• **Exercise goal**
The records below need to be set down again exactly; their images stay out.

(Data records begins)

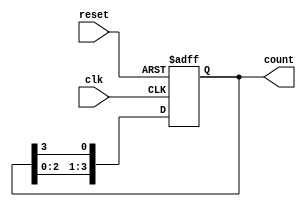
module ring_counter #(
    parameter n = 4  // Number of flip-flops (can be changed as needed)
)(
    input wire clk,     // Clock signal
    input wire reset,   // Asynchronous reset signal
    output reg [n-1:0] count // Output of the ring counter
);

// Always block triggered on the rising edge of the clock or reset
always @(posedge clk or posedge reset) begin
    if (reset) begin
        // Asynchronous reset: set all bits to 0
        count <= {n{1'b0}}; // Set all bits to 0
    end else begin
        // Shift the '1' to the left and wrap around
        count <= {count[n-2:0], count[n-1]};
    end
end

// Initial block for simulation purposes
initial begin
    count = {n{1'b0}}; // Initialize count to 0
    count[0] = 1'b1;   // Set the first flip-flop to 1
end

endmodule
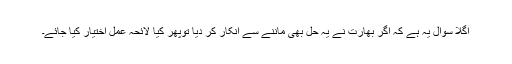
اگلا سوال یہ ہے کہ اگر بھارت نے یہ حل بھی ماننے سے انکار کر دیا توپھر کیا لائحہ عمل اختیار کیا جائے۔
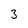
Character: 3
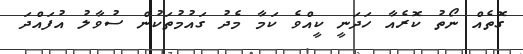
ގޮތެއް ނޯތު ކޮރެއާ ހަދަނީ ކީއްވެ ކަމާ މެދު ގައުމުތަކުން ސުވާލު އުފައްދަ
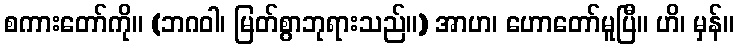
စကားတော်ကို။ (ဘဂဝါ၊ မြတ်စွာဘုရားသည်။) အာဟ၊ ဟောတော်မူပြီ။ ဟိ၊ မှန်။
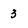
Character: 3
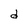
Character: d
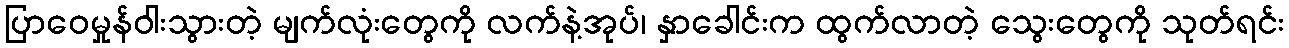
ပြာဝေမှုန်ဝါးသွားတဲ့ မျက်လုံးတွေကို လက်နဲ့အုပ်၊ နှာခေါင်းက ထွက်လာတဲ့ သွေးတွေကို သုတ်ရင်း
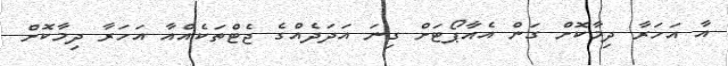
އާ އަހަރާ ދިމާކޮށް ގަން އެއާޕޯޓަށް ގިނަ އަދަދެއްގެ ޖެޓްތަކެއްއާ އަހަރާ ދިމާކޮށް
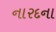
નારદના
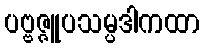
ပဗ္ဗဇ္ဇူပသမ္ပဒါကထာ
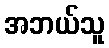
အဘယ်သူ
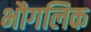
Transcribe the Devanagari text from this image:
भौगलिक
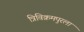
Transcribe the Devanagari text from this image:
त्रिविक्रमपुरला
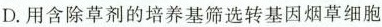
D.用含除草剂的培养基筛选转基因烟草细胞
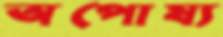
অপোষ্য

(Data records ends)

• **Response to the exercise**
module ring_counter #(
    parameter n = 4  // Number of flip-flops (can be changed as needed)
)(
    input wire clk,     // Clock signal
    input wire reset,   // Asynchronous reset signal
    output reg [n-1:0] count // Output of the ring counter
);

// Always block triggered on the rising edge of the clock or reset
always @(posedge clk or posedge reset) begin
    if (reset) begin
        // Asynchronous reset: set all bits to 0
        count <= {n{1'b0}}; // Set all bits to 0
    end else begin
        // Shift the '1' to the left and wrap around
        count <= {count[n-2:0], count[n-1]};
    end
end

// Initial block for simulation purposes
initial begin
    count = {n{1'b0}}; // Initialize count to 0
    count[0] = 1'b1;   // Set the first flip-flop to 1
end

endmodule
اگلا سوال یہ ہے کہ اگر بھارت نے یہ حل بھی ماننے سے انکار کر دیا توپھر کیا لائحہ عمل اختیار کیا جائے۔
Character: 3
ގޮތެއް ނޯތު ކޮރެއާ ހަދަނީ ކީއްވެ ކަމާ މެދު ގައުމުތަކުން ސުވާލު އުފައްދަ
စကားတော်ကို။ (ဘဂဝါ၊ မြတ်စွာဘုရားသည်။) အာဟ၊ ဟောတော်မူပြီ။ ဟိ၊ မှန်။
Character: 3
Character: d
ပြာဝေမှုန်ဝါးသွားတဲ့ မျက်လုံးတွေကို လက်နဲ့အုပ်၊ နှာခေါင်းက ထွက်လာတဲ့ သွေးတွေကို သုတ်ရင်း
އާ އަހަރާ ދިމާކޮށް ގަން އެއާޕޯޓަށް ގިނަ އަދަދެއްގެ ޖެޓްތަކެއްއާ އަހަރާ ދިމާކޮށް
નારદના
ပဗ္ဗဇ္ဇူပသမ္ပဒါကထာ
အဘယ်သူ
Transcribe the Devanagari text from this image:
भौगलिक
Transcribe the Devanagari text from this image:
त्रिविक्रमपुरला
D.用含除草剂的培养基筛选转基因烟草细胞
অপোষ্য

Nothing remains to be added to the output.